The model can be defined like that
gppModel('muInt+muSlope*t','varInt+varSlope*t*t!+omxApproxEquals(t,t!,0.0001)*error',myData).
To transform this into an OpenMx model, I use mxExpectationNormal and construct the appropriate covariance matrix and mean vector. That is, every entry of mean vector is an algebra, which is really only 'muI+muS*t' where t is replaced with the appropriate input, which is in the data set (myData). I use the same idea to create the appropriate algebra for every entry of the covariance matrix.
This all works fine. I get the same results using this approach as using the regular path specification approach for all models. However, it is painfully slow (like a couple of thousands times slower than the regular approach). It is also much slower than a matlab implementation of this language I did, which uses a completely different software as backend. I started profiling the code and it seems that, not surprisingly, a lot of time is spent evaluating the algebras. **Any ideas how to make this faster?**
more complete code
I am not surprised that it is running slow, but it would help diagnosis if you could attach a complete code example that demonstrates the performance issue.
Log in or register to post comments
Interesting. Could you give
Interesting. Could you give an example of what one of these MxAlgebras looks like, syntax-wise (which might be a dumb question, but I want to make sure I understand what your program does), and how many distinct such algebras need to be computed? Also, about how large are the needed covariance matrices?

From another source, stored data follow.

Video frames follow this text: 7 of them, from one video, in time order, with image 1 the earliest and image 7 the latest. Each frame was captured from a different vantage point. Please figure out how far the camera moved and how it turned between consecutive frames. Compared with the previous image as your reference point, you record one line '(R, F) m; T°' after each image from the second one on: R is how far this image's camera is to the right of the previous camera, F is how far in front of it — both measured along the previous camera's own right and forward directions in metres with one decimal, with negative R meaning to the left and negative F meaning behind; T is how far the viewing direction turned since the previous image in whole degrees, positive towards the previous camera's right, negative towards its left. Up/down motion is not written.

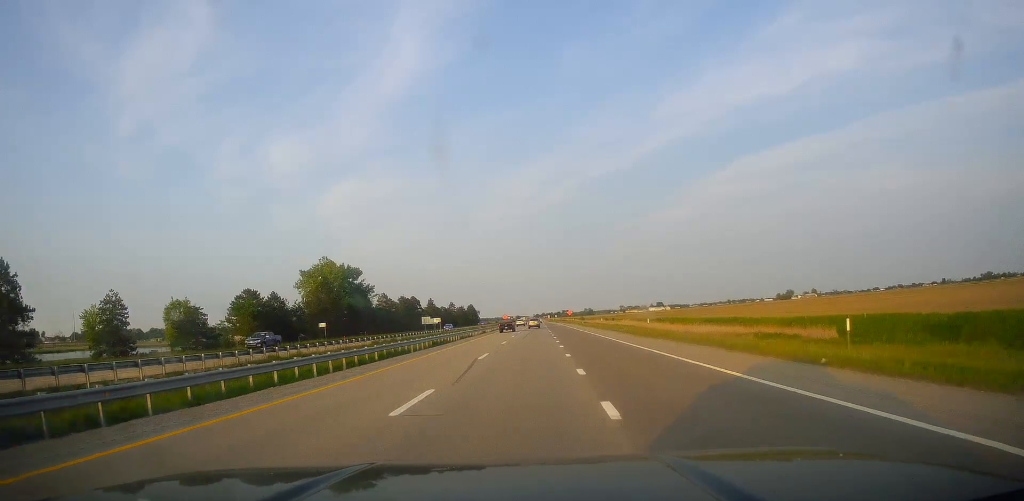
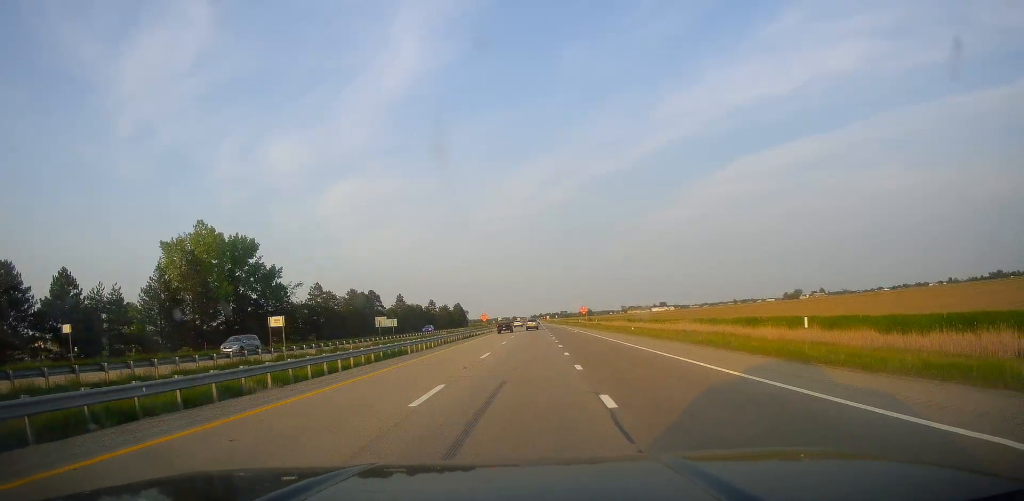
(-0.2, +59.7) m; 0°
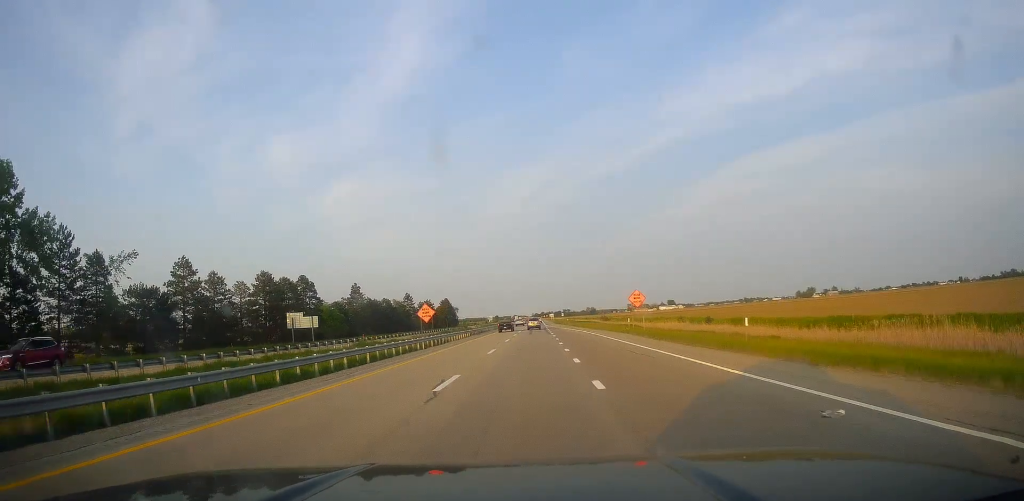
(+0.4, +58.3) m; 0°
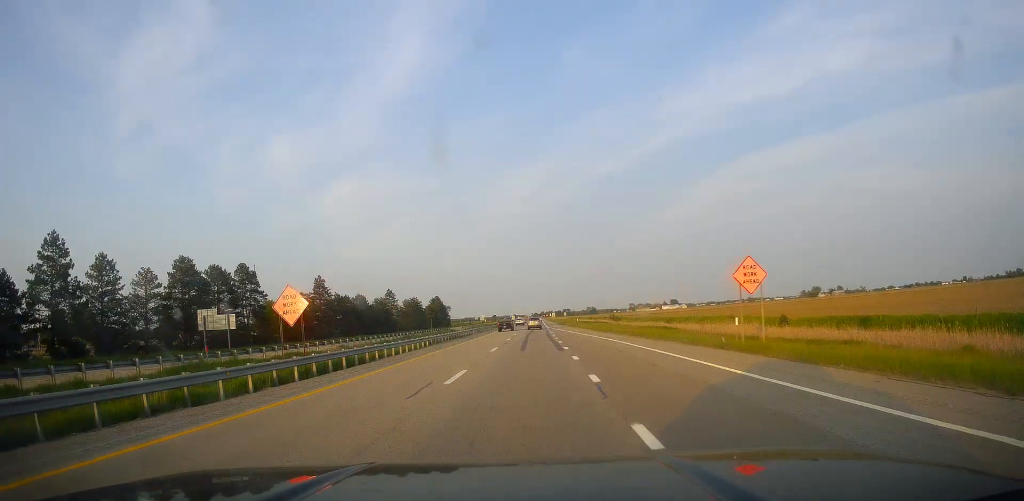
(-0.4, +28.8) m; 0°
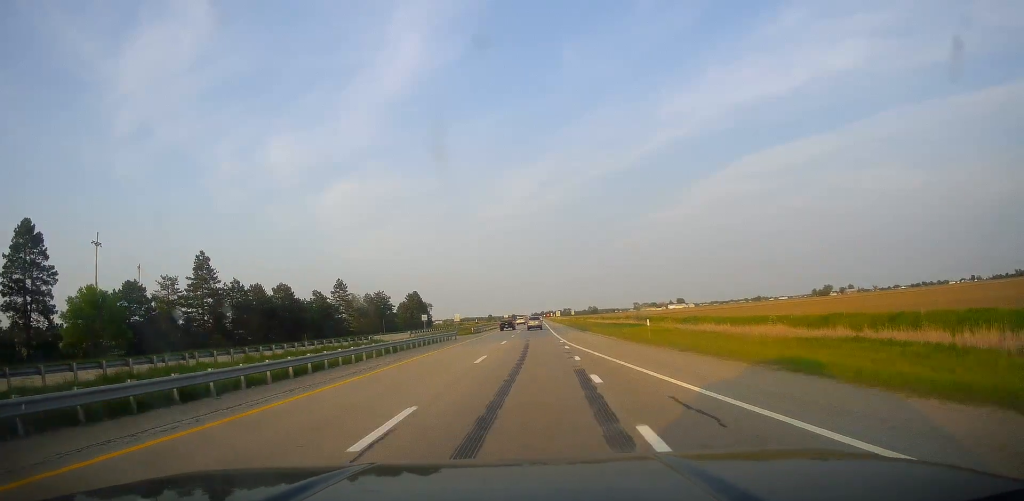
(+0.8, +53.9) m; 0°
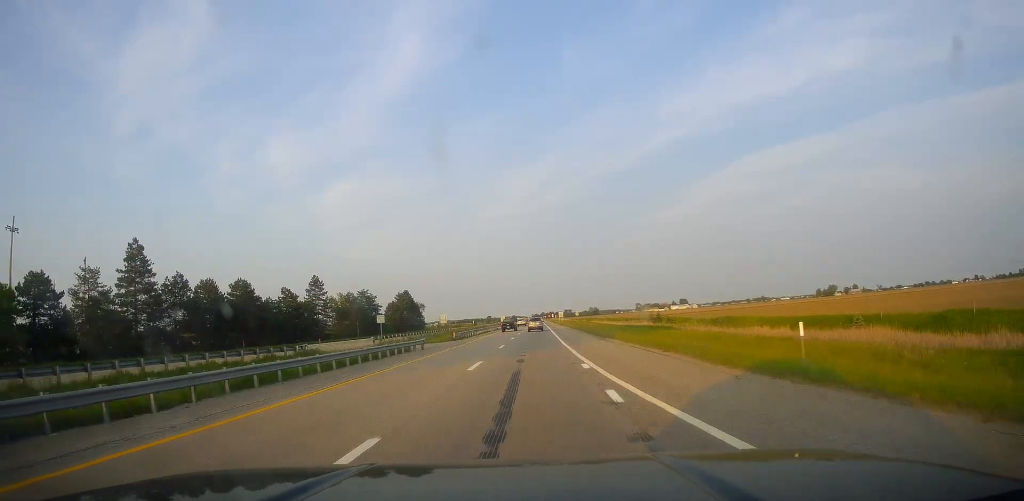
(+0.1, +18.2) m; 0°
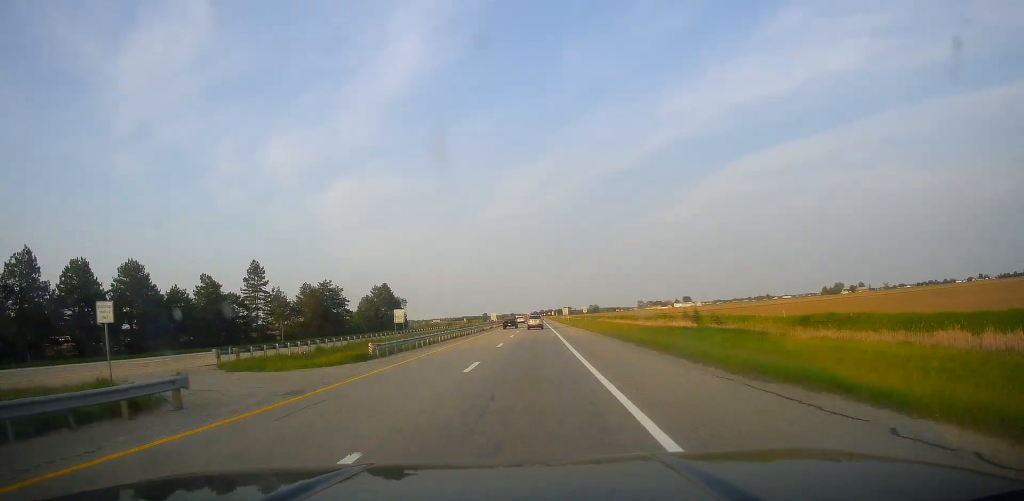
(-0.5, +31.5) m; -1°

Log in or register to post comments
Thanks for the swift replies!
Thanks for the swift replies! I was not expecting this. You can run example code doing that
devtools::install_github("karchjd/gppmr@v0.1.1")
demo('example2LGCM',package='gppmr')
As a reminder, to find the folder where R saves the demos you can do
system.file("demo", package ="gppmr")
The issue is that line 19 in 'example2LGCM.R'
19: semModel <- mxRun(semModel,silent = TRUE)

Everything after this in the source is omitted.